Problem requirements
Needed from the data below: all lines that contain the word "cover".

Data
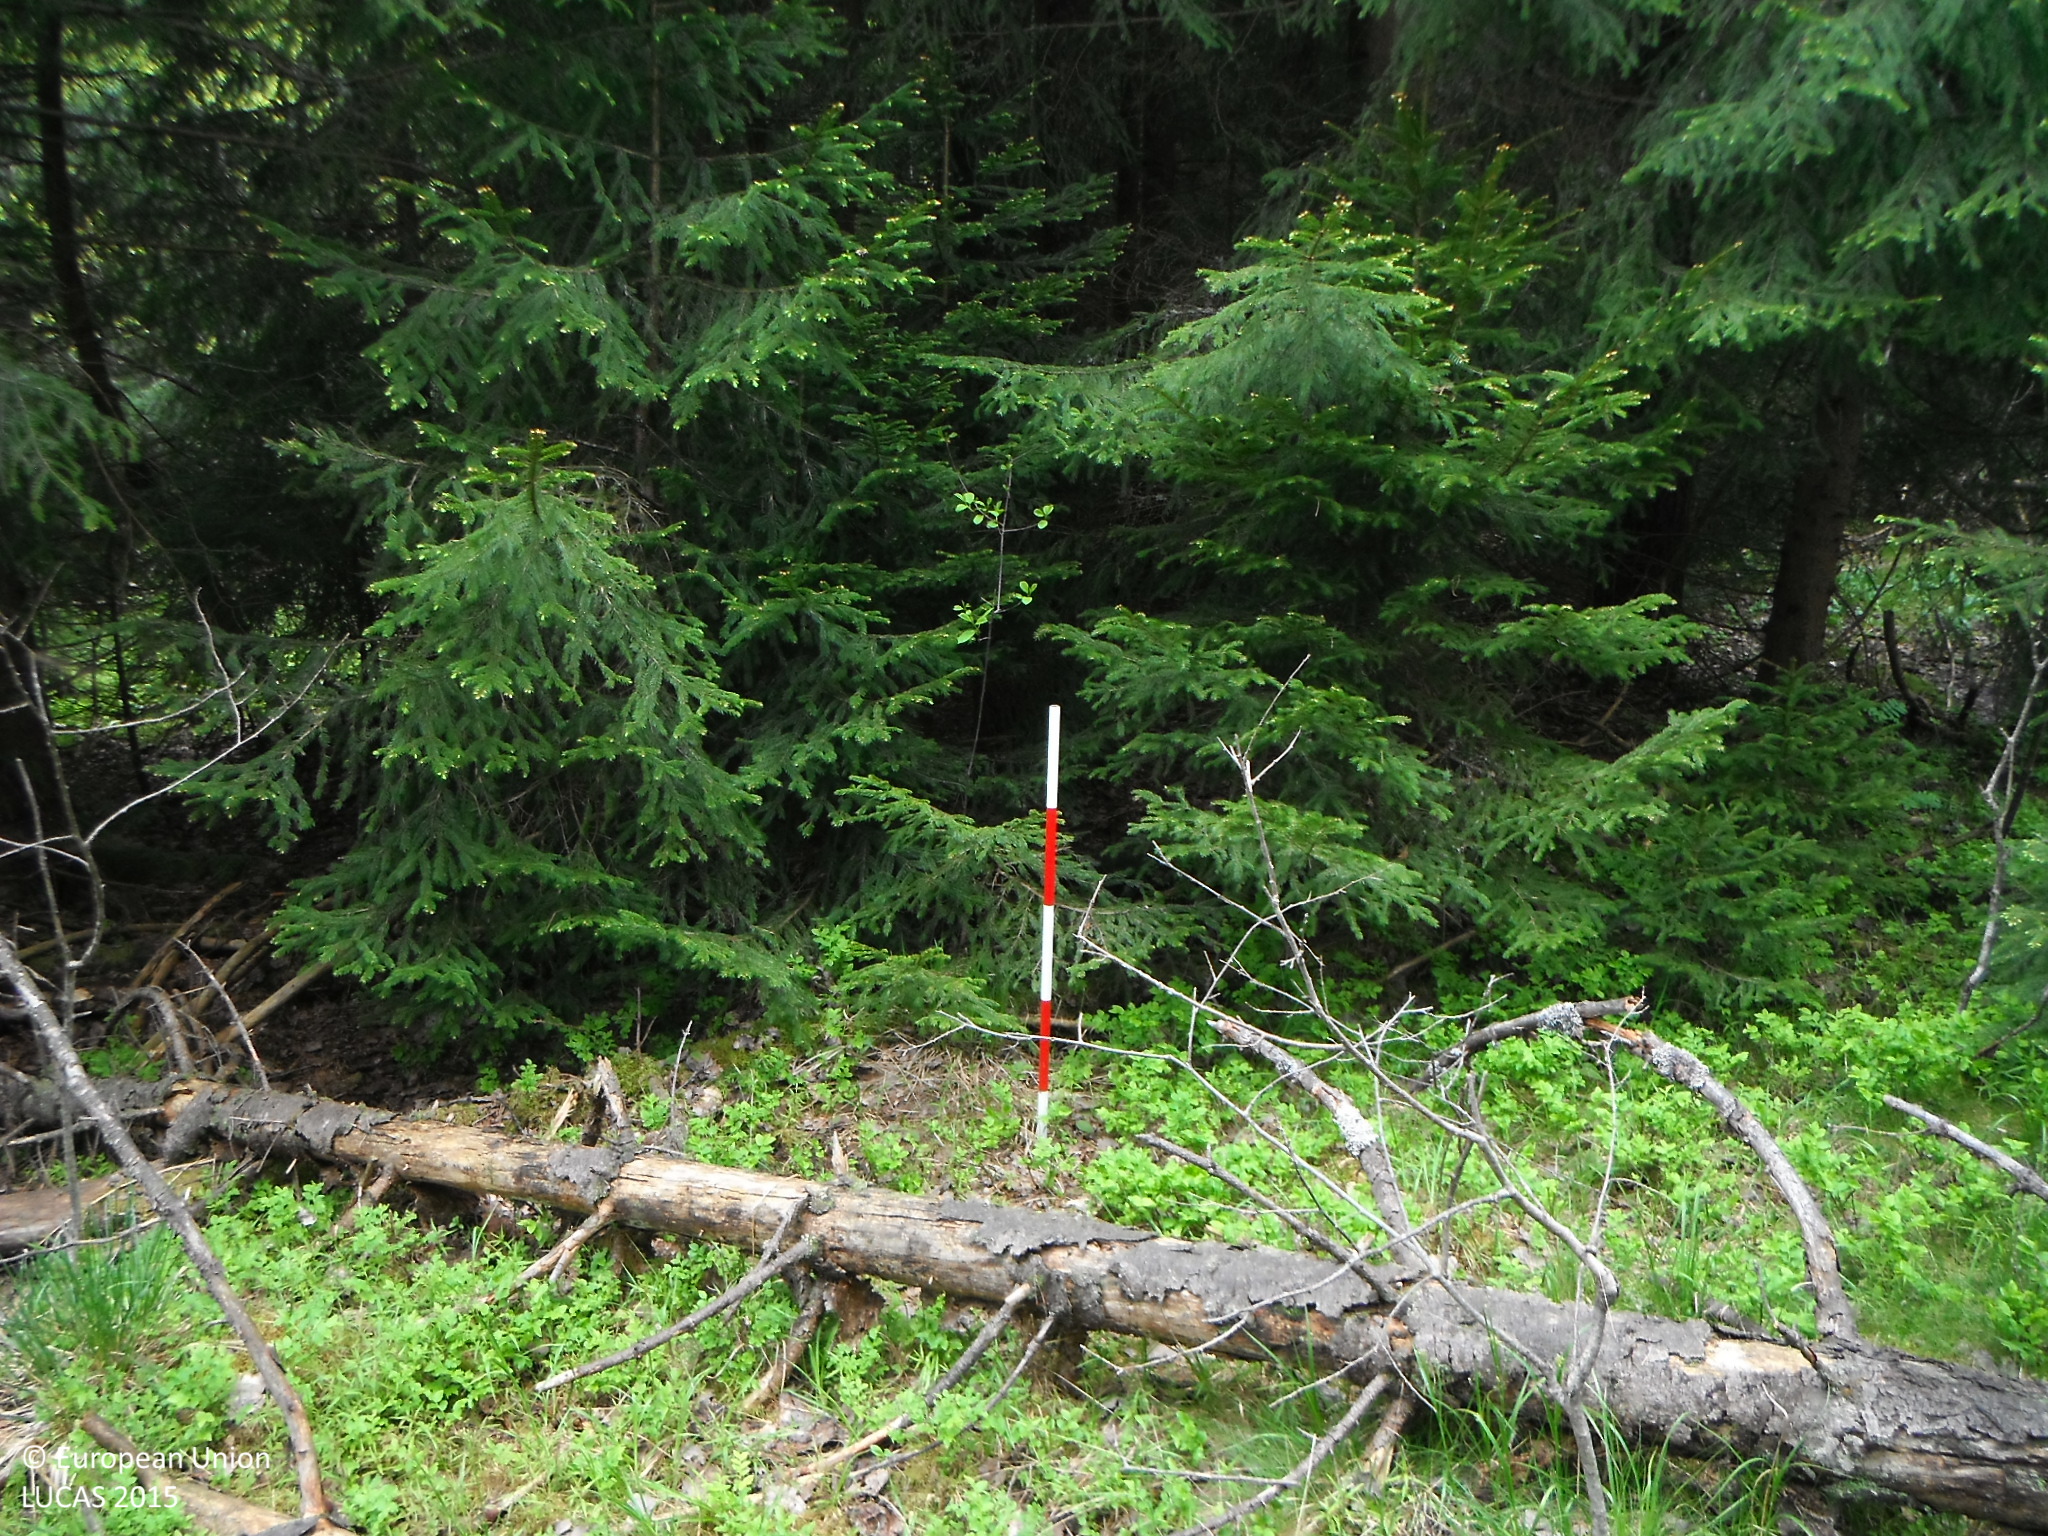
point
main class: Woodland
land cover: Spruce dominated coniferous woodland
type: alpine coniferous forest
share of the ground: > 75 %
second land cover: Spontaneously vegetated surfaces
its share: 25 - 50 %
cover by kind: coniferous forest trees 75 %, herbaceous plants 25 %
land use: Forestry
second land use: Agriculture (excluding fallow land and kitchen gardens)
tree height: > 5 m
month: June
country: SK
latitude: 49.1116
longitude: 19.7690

--

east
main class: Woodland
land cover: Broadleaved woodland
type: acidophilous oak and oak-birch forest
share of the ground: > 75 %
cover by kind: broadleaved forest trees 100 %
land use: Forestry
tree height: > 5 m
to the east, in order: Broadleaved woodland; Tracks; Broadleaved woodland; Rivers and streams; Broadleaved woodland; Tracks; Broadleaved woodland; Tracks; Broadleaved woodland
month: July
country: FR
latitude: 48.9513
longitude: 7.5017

Exercise answer
land cover: Spruce dominated coniferous woodland
second land cover: Spontaneously vegetated surfaces
cover by kind: coniferous forest trees 75 %, herbaceous plants 25 %
land cover: Broadleaved woodland
cover by kind: broadleaved forest trees 100 %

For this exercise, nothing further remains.